SP-GiST confusing introductory paragraph

Started by PG Bug reporting formover 2 years ago3 messagesdocs
Jump to latest
#1PG Bug reporting form
noreply@postgresql.org

The following documentation comment has been logged on the website:

Page: https://www.postgresql.org/docs/16/spgist-intro.html
Description:

I'm confused by this paragraph:

These popular data structures were originally developed for in-memory

usage. In main memory, they are usually designed as a set of dynamically
allocated nodes linked by pointers. This is not suitable for direct storing
on disk, since these chains of pointers can be rather long which would
require too many disk accesses. In contrast, disk-based data structures
should have a high fanout to minimize I/O. The challenge addressed by
SP-GiST is to map search tree nodes to disk pages in such a way that a
search need access only a few disk pages, even if it traverses many nodes.

In particular, "These popular datastructures" is ambiguous -- based on how
the previous paragraph ends, it sounds like the "popular datastructures" or
SP-GiSTs, but then it goes on to say they were designed for in-memory, and
then it mentions that SP-GiST's space partitioning (with high fanout) is
more appropriate to minimize disk access. I think maybe the solution here
would be to replace "These popular data structures" with something like
"Classic Postgres indexes such as B-tree indexes..." or something like
that.

Also, I think a short parenthetical definition of "fanout" would be useful
here, something like "high fanout (i.e. where each node has a potentially
large number of child nodes that reside in the same disk page)". Took me
some googling to realize what fanout meant in this context.

Best,
Alex

#2Alvaro Herrera
alvherre@2ndquadrant.com
In reply to: PG Bug reporting form (#1)
Re: SP-GiST confusing introductory paragraph

On 2023-Oct-16, PG Doc comments form wrote:

I'm confused by this paragraph:

These popular data structures were originally developed for in-memory
usage. In main memory, they are usually designed as a set of dynamically
allocated nodes linked by pointers. This is not suitable for direct storing
on disk, since these chains of pointers can be rather long which would
require too many disk accesses.
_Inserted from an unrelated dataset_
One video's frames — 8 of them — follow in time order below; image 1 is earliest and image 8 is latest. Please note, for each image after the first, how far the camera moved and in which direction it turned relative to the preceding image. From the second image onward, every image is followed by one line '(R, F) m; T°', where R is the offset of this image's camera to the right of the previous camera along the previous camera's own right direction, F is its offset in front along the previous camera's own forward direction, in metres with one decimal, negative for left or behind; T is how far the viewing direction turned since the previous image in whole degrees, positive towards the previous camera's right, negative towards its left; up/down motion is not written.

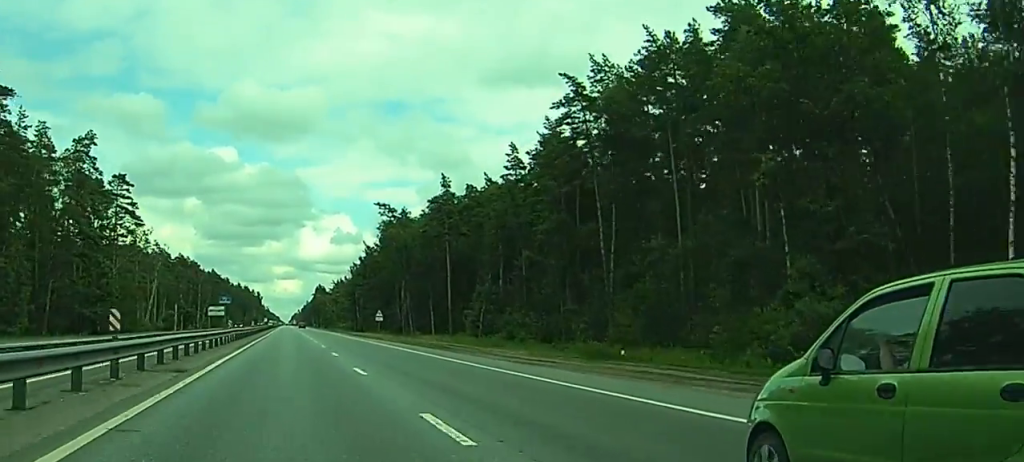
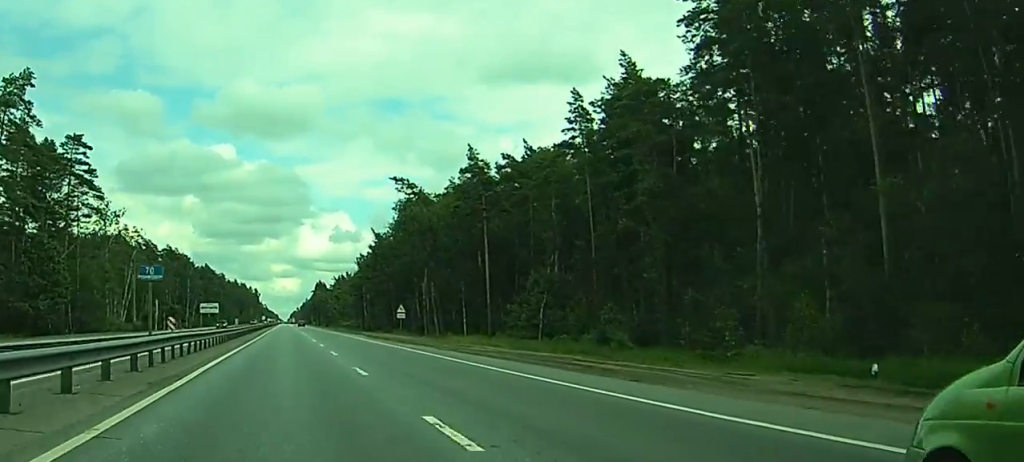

In contrast, disk-based data structures
should have a high fanout to minimize I/O. The challenge addressed by
SP-GiST is to map search tree nodes to disk pages in such a way that a
search need access only a few disk pages, even if it traverses many nodes.

In particular, "These popular datastructures" is ambiguous -- based on how
the previous paragraph ends, it sounds like the "popular datastructures" or
SP-GiSTs, but then it goes on to say they were designed for in-memory, and
then it mentions that SP-GiST's space partitioning (with high fanout) is
more appropriate to minimize disk access. I think maybe the solution here
would be to replace "These popular data structures" with something like
"Classic Postgres indexes such as B-tree indexes..." or something like
that.

Yeah, this paragraph is a rewording of Oleg's[1]http://www.sai.msu.su/~megera/wiki/spgist_dev

SP-GiST is an abbreviation of space-partitioned GiST - the search
tree, which allows to implement a wide range of different
non-balanced disk-based data structures, such as quadtree, kd-tree,
tries - popular data structures, originally developed for memory
storage. Main memory access structures usually designed as a set of
dynamically allocated nodes linked by pointers, which is not suitable
for direct storing on disk, since these chains of pointers can be
rather long and require too many disk accesses. In opposite, disk
based data structures have a high fanout to minimize I/O. The
challenge is to map nodes of tree to disk pages in such a way, so
search algorithm accesses only a few disk pages, even if it traverse
many nodes.

where the point is (IMO) much clearer.

[1]: http://www.sai.msu.su/~megera/wiki/spgist_dev

Also, I think a short parenthetical definition of "fanout" would be useful
here, something like "high fanout (i.e. where each node has a potentially
large number of child nodes that reside in the same disk page)". Took me
some googling to realize what fanout meant in this context.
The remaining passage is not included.